In the name of fat girl solidarity . . . can we not point fingers and assume that someone has a dislike for their body. Who are we to judge whether or not mermaid has any dislikes about her body. We define self-acceptance and love on our own terms. whether or not your threshold for both was met by mermaid is irrelevant. 

I think Dims is full of self-doubt, and that's a natural propensity in women. We all go through periods of hating or loving our bodies, as people of every size do - but Dims should be a place free from the sort of negativity that you seem to perpetuate. There are so many things I could say about your post, I mean literally I could go line by line and refute or dismiss everything that you have said, but fortunate for you I have neither the time or the inclination to do so. 

If Mermaid is on here "to fish for compliments" in the midst of a reality that tells her everyday that she is ugly and fat, who are you to say anything against that? Its really none of your business why she is on here. Perhaps she left because people like you pushed her out . . . is dims going to become a place where the select few tell others "your not fat enough" or "you arent dedicated to the movement enough", because if that is the case, I will take a hasty exit.

thirtiesgirl, you are a very nice person from what I have met with in the real world - don't subjugate others to make a point. Its unbecoming of a lady and it doesn't lead to making more friends.


----------



## thirtiesgirl (Nov 23, 2010)

gobettiepurple said:


> In the name of fat girl solidarity . . . can we not point fingers and assume that someone has a dislike for their body. Who are we to judge whether or not mermaid has any dislikes about her body. We define self-acceptance and love on our own terms. whether or not your threshold for both was met by mermaid is irrelevant.



I'm not 'pointing fingers,' Bettie. Mermaid wrote several posts on not liking her body herself when she joined this site. It was obvious she was new to the idea of size acceptance and was in the process of learning, but rather than sticking around to discuss size acceptance and continue learning more, she chose to join another forum where there's less conversation about size acceptance (much less, in fact) and more of a sexual/appearance-oriented nature.



gobettiepurple said:


> I think Dims is full of self-doubt, and that's a natural propensity in women. We all go through periods of hating or loving our bodies, as people of every size do - but Dims should be a place free from the sort of negativity that you seem to perpetuate.

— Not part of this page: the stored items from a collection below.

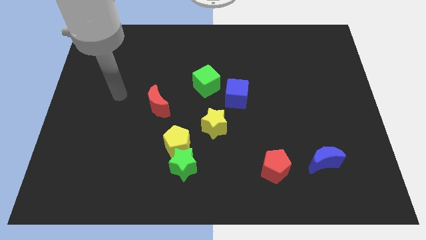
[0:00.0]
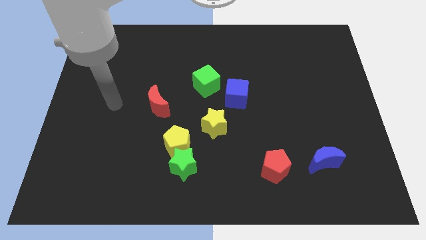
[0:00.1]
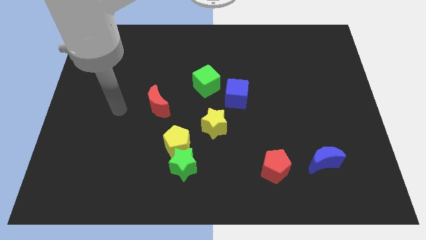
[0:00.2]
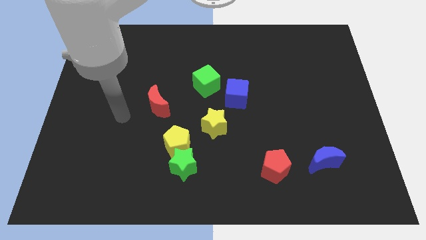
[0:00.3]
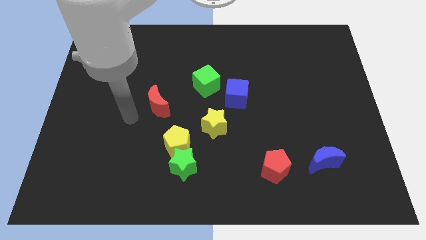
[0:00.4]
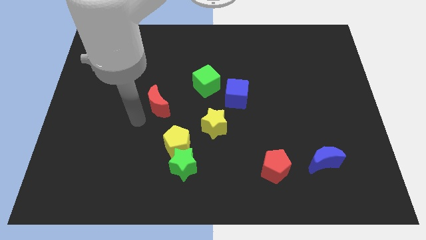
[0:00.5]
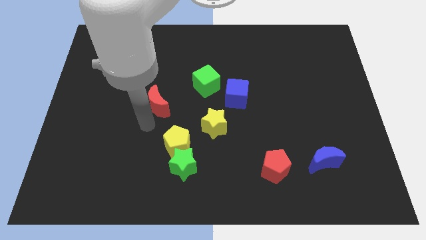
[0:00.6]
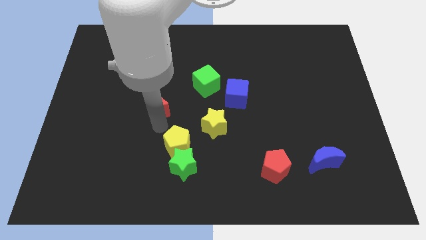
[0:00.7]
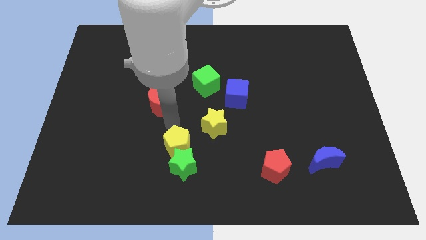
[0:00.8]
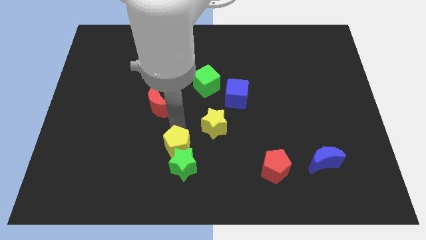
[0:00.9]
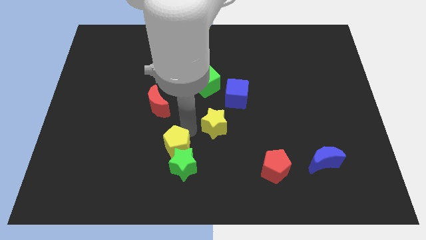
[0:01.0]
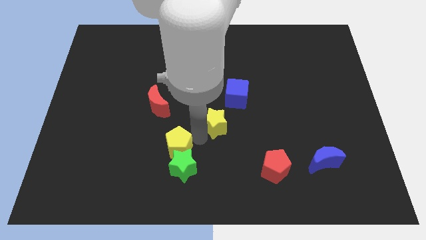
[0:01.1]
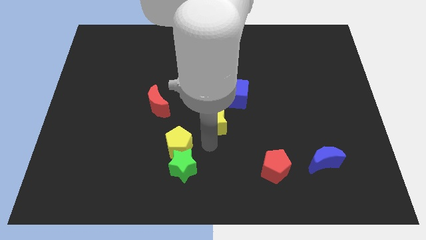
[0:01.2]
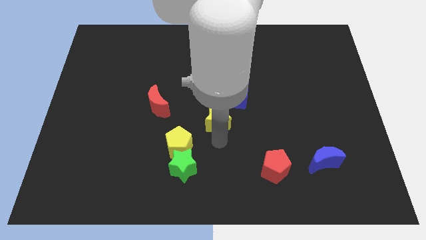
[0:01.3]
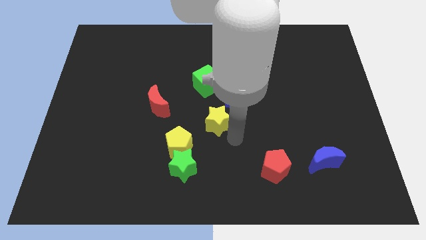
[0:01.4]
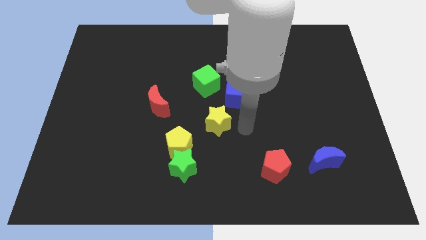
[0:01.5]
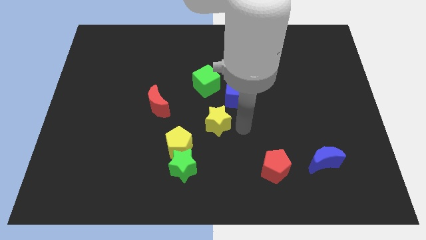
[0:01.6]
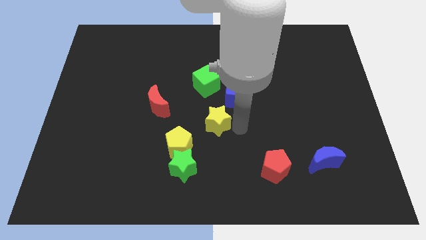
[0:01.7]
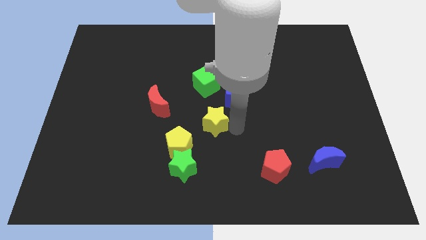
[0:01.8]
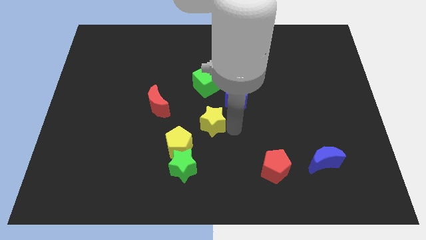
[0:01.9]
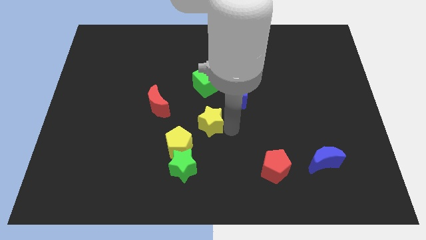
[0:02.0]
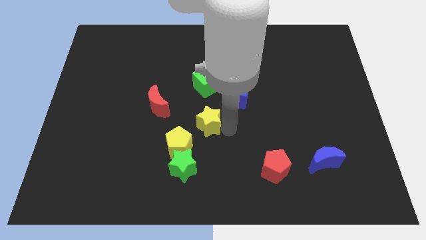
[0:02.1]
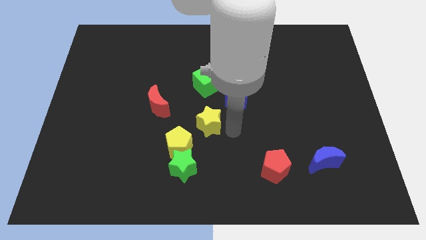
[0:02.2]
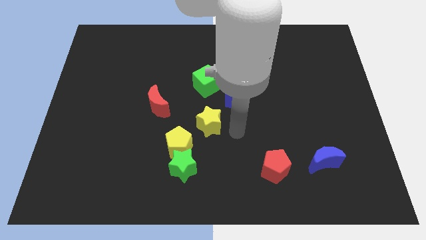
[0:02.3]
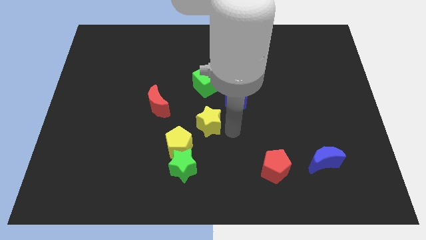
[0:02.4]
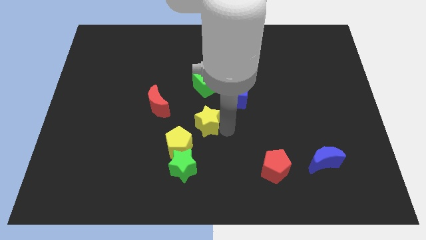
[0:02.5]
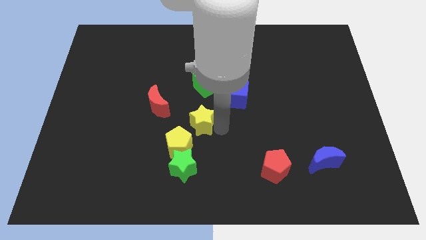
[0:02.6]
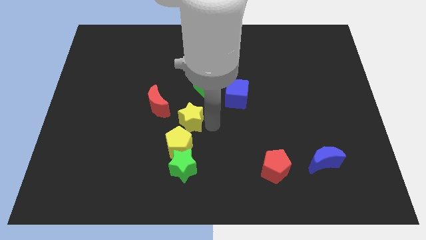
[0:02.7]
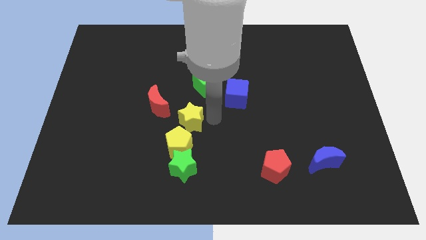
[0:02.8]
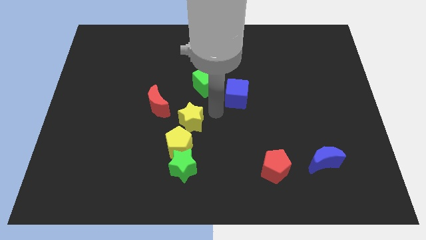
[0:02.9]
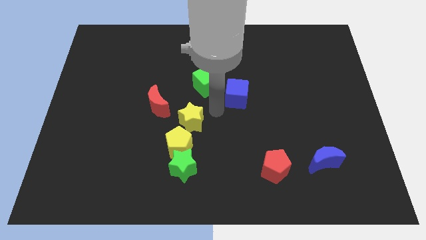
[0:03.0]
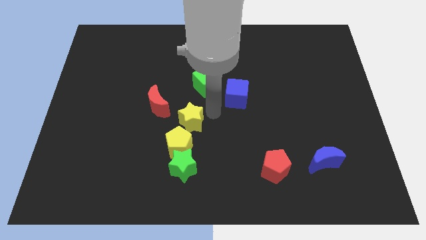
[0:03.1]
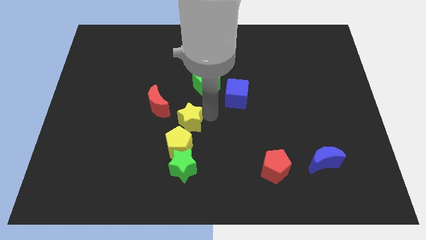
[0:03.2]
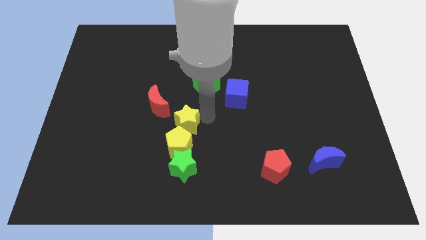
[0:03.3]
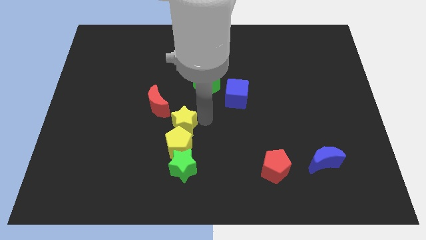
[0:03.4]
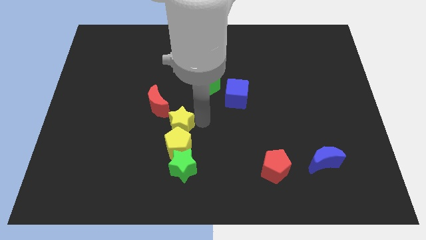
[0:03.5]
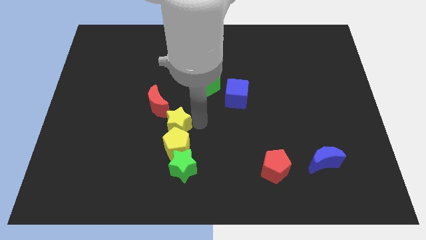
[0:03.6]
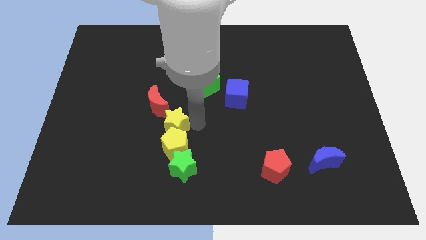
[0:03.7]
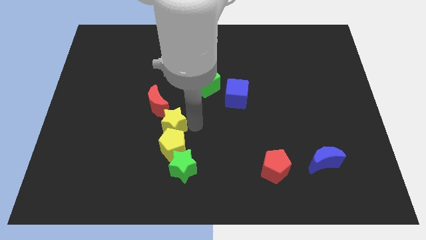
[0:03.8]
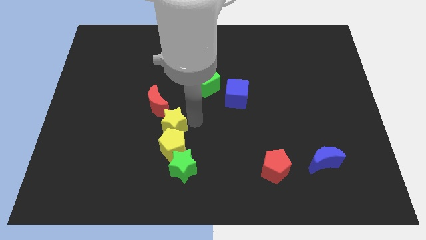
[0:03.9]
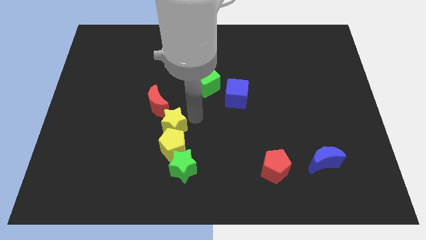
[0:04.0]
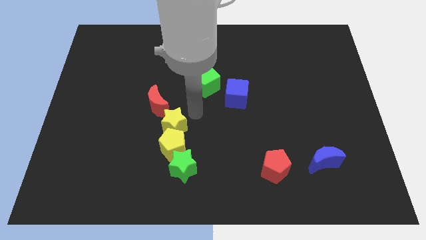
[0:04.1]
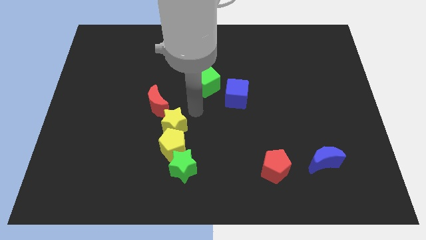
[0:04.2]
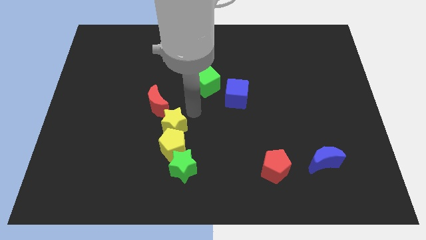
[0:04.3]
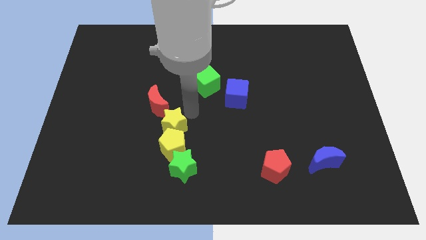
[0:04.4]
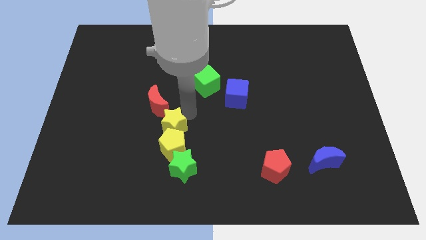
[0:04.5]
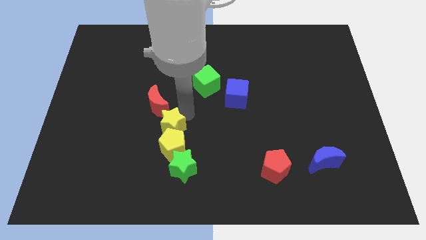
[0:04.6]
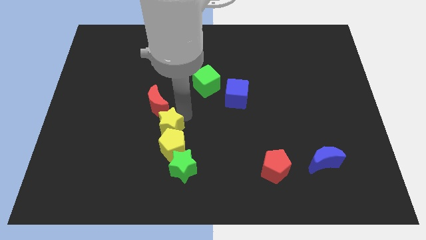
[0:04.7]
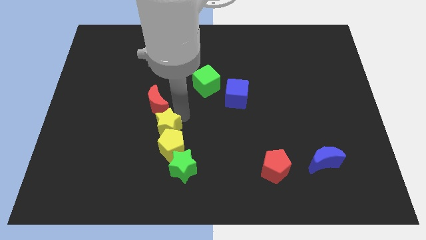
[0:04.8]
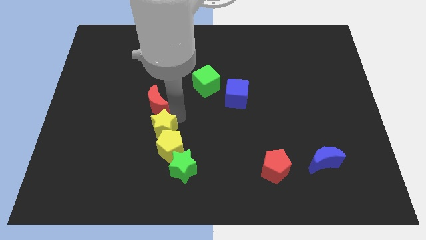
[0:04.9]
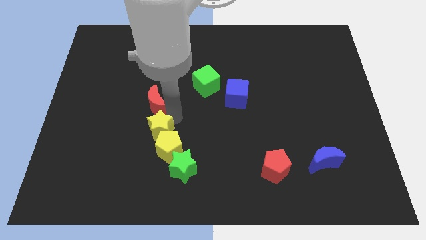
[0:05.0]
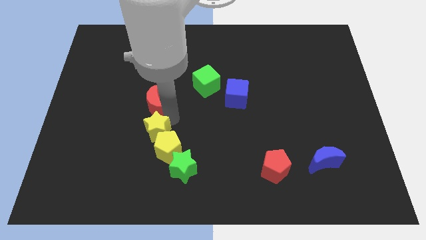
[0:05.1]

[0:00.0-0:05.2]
slightly move the yellow star diagonally downwards and left

Yes, I'm the negative one here. *eyeroll* Bettie, you've missed my point. As I wrote in my last few posts regarding Ms. Mermaid, I have no issue with her choice to express her lack of confidence or her desire to lose weight, and I agree that it's good for fat people to have a place where they can express their doubts in a safe environment. I don't believe Mermaid was sincere in trying to overcome her doubts and learn to love her body, though. As I wrote, she was simply expressing those things to get compliments and attention. _That_ is what I take issue with.



gobettiepurple said:


> There are so many things I could say about your post, I mean literally I could go line by line and refute or dismiss everything that you have said, but fortunate for you I have neither the time or the inclination to do so.



_Fortunate_ for me? Bettie, you make me smile. Please, feel free to write whatever you'd like to write about me and make me feel less fortunate. I'd love to read it.



gobettiepurple said:


> If Mermaid is on here "to fish for compliments" in the midst of a reality that tells her everyday that she is ugly and fat, who are you to say anything against that?

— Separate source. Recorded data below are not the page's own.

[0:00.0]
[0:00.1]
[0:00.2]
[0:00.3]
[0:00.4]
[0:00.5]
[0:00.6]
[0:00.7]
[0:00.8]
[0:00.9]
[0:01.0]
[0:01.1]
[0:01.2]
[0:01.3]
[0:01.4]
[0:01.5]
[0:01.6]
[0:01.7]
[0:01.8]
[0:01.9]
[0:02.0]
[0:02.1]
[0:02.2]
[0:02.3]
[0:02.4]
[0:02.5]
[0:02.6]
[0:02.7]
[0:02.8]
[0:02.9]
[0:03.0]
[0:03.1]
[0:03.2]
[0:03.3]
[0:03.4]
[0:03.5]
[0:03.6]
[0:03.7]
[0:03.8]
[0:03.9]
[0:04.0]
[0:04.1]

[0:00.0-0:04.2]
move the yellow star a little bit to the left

Nor did I. I never said she was wrong for doing so. I've done the same thing myself in my younger years, joining internet forums or bulletin boards, looking for some male attention. Sometimes I found what I was looking for; sometimes I didn't. If I didn't find what I was looking for as quickly as I'd like, I didn't hang around the forum, much as Mermaid has done. I've heard much the same complaint from you and other women here, that there aren't enough men on this site and "too many women."



gobettiepurple said:


> Its really none of your business why she is on here. Perhaps she left because people like you pushed her out . . . is dims going to become a place where the select few tell others "your not fat enough" or "you arent dedicated to the movement enough", because if that is the case, I will take a hasty exit.



Yes, Bettie, I'm the big bad wolf. I'm the reason Mermaid left. *eyeroll* 



gobettiepurple said:


> thirtiesgirl, you are a very nice person from what I have met with in the real world - don't subjugate others to make a point. Its unbecoming of a lady and it doesn't lead to making more friends.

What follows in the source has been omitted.